Diagnostic Analytics:Explaining How Things that Happened Are Related. Diagnostic analytics uncovers the root connections and relationships between variables associated with events, past or present.
Predictive Analytics: Forecasting What Will Happen. AI tools are used to forecast future outcomes based on historical patterns and relationships in data.
Prescriptive Analytics: Determining How To Optimize What HappensNext. This stage focuses on providing actionable recommendations and optimizing decision-making.
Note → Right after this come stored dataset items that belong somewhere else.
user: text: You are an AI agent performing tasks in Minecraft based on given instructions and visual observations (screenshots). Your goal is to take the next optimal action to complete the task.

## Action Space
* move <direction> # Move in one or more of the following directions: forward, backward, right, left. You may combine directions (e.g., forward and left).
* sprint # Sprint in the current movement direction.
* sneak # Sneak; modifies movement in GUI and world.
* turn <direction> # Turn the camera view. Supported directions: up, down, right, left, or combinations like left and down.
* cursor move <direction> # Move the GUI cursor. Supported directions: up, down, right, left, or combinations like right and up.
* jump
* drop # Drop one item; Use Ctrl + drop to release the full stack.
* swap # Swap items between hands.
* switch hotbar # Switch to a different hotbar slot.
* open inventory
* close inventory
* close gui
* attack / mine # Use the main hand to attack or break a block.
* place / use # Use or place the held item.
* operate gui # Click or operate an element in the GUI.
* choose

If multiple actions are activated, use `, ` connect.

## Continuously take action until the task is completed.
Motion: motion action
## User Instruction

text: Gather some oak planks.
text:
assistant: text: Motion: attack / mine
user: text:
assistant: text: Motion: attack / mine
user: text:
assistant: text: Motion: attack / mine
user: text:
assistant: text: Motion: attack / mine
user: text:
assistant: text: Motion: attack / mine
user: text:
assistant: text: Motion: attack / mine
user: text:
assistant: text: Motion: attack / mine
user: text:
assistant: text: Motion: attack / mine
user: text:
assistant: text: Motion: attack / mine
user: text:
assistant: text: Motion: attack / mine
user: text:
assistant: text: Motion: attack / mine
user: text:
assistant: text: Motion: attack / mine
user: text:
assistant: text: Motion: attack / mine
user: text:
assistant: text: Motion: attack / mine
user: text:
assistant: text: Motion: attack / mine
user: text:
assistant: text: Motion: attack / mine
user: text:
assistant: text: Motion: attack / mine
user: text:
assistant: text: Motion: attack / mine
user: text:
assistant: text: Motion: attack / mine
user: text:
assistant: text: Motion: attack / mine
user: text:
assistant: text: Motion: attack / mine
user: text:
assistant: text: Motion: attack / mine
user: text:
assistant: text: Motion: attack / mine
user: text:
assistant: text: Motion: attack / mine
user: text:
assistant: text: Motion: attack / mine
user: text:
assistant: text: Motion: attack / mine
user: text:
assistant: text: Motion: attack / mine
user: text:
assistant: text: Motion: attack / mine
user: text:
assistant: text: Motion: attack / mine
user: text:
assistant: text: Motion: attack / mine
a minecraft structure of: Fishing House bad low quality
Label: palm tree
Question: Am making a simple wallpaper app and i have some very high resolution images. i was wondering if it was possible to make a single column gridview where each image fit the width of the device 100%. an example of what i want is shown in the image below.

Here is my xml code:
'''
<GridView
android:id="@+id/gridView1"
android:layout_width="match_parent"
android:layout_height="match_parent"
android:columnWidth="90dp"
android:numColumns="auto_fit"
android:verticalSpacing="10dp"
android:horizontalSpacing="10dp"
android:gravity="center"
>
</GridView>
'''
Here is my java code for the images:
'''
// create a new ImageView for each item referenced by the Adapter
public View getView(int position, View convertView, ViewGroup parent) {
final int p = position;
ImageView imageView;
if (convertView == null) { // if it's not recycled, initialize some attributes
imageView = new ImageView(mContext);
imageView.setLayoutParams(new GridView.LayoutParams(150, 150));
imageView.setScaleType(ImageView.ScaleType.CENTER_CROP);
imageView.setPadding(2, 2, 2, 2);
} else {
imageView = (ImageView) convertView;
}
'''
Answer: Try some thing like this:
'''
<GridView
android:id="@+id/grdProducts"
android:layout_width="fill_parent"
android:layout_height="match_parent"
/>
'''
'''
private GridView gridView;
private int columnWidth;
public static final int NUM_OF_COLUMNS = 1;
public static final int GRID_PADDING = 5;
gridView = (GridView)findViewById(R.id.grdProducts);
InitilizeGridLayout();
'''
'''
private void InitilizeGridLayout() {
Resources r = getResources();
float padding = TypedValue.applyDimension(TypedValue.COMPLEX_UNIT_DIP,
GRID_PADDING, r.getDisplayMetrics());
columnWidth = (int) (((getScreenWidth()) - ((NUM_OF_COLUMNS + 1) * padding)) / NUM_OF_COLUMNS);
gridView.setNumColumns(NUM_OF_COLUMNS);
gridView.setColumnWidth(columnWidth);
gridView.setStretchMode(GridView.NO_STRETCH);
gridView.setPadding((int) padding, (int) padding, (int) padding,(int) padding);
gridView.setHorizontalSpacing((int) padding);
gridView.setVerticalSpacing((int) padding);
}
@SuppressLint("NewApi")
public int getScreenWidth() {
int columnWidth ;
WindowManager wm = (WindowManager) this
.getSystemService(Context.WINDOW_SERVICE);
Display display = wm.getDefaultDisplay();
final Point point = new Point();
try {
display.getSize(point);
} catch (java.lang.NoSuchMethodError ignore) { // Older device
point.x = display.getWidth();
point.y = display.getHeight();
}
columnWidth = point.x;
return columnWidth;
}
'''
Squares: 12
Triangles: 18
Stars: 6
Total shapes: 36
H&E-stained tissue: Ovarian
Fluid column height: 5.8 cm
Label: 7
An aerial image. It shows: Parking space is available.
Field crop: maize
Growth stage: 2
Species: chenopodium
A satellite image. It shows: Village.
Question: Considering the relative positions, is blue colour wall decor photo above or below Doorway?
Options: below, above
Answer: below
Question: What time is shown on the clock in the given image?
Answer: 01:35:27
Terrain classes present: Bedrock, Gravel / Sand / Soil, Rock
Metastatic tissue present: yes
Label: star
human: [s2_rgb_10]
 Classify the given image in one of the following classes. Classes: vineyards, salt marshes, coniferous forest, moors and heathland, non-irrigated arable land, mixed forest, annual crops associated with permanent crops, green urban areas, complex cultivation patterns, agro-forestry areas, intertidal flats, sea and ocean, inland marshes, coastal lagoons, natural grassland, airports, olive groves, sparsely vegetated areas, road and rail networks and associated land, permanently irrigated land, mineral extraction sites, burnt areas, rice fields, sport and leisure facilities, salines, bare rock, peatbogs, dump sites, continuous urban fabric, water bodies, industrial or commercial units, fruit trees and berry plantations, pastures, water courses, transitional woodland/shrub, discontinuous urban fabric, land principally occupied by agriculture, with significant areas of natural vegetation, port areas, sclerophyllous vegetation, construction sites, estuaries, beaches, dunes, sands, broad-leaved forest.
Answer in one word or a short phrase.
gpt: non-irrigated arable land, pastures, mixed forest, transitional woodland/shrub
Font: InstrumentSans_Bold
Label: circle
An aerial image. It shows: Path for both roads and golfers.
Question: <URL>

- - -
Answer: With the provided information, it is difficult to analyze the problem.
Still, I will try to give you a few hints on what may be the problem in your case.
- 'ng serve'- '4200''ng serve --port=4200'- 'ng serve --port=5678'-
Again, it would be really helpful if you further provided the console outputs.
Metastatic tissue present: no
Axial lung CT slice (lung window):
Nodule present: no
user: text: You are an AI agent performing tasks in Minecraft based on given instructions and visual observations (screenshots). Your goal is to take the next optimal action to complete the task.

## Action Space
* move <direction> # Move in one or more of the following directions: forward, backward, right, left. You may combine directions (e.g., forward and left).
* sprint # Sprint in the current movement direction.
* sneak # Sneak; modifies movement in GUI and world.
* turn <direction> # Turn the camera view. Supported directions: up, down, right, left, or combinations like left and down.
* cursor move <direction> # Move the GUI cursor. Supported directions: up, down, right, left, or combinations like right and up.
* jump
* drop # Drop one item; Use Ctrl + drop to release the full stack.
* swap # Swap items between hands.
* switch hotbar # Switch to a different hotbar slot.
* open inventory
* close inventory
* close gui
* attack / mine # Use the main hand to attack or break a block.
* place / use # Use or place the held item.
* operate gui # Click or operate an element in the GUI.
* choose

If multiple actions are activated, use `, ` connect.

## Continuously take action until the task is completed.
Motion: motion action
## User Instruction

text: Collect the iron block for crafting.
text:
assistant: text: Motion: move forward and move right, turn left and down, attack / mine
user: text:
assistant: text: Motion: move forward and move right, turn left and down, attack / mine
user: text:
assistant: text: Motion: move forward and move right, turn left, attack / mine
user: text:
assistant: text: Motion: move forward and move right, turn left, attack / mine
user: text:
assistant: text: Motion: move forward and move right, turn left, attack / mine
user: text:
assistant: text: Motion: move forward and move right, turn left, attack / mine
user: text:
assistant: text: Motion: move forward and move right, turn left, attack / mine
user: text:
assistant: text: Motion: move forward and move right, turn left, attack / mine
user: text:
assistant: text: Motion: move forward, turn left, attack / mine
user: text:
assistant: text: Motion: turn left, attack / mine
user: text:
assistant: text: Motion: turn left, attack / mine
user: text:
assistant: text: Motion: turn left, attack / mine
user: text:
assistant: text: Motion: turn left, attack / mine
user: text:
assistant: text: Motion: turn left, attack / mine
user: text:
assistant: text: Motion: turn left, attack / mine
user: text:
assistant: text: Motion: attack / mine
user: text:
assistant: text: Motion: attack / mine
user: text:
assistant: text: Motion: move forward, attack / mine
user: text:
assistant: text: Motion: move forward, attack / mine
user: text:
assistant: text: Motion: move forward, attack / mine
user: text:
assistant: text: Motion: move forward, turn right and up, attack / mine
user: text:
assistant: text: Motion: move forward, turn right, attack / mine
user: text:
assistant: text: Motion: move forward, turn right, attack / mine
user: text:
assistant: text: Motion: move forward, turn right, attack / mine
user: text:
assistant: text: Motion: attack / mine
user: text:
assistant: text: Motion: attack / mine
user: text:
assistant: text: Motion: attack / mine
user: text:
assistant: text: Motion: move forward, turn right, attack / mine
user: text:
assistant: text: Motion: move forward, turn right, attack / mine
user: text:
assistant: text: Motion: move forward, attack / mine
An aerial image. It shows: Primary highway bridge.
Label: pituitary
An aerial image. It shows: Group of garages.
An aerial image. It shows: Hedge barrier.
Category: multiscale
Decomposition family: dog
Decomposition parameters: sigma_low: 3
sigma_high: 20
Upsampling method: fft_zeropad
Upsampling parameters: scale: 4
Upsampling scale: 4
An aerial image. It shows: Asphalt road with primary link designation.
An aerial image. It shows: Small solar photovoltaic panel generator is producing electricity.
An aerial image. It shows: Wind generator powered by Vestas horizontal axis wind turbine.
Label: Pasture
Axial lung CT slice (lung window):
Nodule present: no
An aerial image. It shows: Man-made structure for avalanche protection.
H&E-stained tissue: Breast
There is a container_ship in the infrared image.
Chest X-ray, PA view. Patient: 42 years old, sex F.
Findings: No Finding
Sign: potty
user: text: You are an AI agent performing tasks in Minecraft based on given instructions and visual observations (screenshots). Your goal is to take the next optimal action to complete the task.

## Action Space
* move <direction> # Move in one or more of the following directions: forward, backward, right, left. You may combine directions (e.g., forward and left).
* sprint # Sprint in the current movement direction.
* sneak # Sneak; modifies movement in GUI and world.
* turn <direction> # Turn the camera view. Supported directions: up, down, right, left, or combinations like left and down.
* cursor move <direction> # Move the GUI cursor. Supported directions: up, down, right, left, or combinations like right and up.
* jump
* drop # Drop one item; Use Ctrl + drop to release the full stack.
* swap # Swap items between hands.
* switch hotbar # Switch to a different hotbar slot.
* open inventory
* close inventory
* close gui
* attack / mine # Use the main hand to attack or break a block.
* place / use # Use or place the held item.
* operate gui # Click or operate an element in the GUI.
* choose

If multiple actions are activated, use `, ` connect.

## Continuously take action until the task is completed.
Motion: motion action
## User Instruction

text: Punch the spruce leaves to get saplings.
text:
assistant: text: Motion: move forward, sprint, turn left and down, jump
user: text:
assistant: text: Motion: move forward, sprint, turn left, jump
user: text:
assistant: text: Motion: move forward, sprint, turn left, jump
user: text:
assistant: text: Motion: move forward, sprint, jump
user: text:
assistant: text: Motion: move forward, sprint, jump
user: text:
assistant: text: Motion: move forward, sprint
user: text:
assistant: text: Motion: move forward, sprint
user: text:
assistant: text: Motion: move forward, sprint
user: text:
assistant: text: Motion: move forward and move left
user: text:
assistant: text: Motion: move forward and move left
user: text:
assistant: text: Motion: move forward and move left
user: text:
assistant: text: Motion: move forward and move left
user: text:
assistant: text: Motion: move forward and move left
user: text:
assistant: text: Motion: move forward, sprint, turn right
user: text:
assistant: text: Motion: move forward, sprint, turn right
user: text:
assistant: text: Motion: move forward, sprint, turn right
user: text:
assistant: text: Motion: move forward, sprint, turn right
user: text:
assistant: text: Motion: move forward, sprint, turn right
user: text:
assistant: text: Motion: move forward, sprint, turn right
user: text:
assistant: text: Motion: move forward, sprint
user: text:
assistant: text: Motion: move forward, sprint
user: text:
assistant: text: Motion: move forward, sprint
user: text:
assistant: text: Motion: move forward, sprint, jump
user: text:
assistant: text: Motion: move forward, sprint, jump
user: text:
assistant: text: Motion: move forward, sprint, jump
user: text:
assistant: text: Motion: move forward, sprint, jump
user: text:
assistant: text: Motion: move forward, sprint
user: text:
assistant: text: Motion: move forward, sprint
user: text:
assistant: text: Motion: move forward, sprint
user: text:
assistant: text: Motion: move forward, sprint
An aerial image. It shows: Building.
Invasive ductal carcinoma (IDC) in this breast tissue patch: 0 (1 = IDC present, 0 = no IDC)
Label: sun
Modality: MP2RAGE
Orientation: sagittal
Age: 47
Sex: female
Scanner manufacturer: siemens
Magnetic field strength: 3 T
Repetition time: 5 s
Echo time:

Bottom-line, AI enabled Advanced Analytics delivers business insights and value far beyond what raw data, cleaned data, and/or Business Intelligence (BI) dashboards can deliver. While potentially powerful, again, it is important that the right AI tool is used to tackle each business problem in the context of each node on this curve.
Tool Selection :
As business leaders attempt to navigate AI-hype, an analogy speaking to the importance of tool selection can be found in the field of plumbing. If you have a leaky pipe, and you hire a plumber to fix it, if that plumber (i.e. a technical professional) shows up and their first tool choice is to use their recently acquired, extremely complex, and sometimes unreliable pipe repair machine (i.e. the latest GenAI tool), you may begin to have well-founded second thoughts on their services. Could this complex tool be used to fix the problem? Maybe. Would a different and more direct tool be a better choice? Likely so.
If you have a leaky pipe, and you hire a plumber to fix it, if that plumber (i.e. a technical professional) shows up and their first tool choice is to use their recently acquired, extremely complex, and sometimes unreliable pipe repair machine (i.e. the latest GenAI tool), you may begin to have well-founded second thoughts on their services.
Choosing the simplest and most direct AI solution when tackling a business problem is often the best path forward. Still, there are absolutely business problems that GenAI and Agentic AI tools are perfectly adapted to tackle… they are just not the right tool for every problem.
With that in mind, let’s next dive into an overview of the taxonomy of the AI tool space. We’ll cover how these tools are organized, and what kinds of problems each is generally used to solve.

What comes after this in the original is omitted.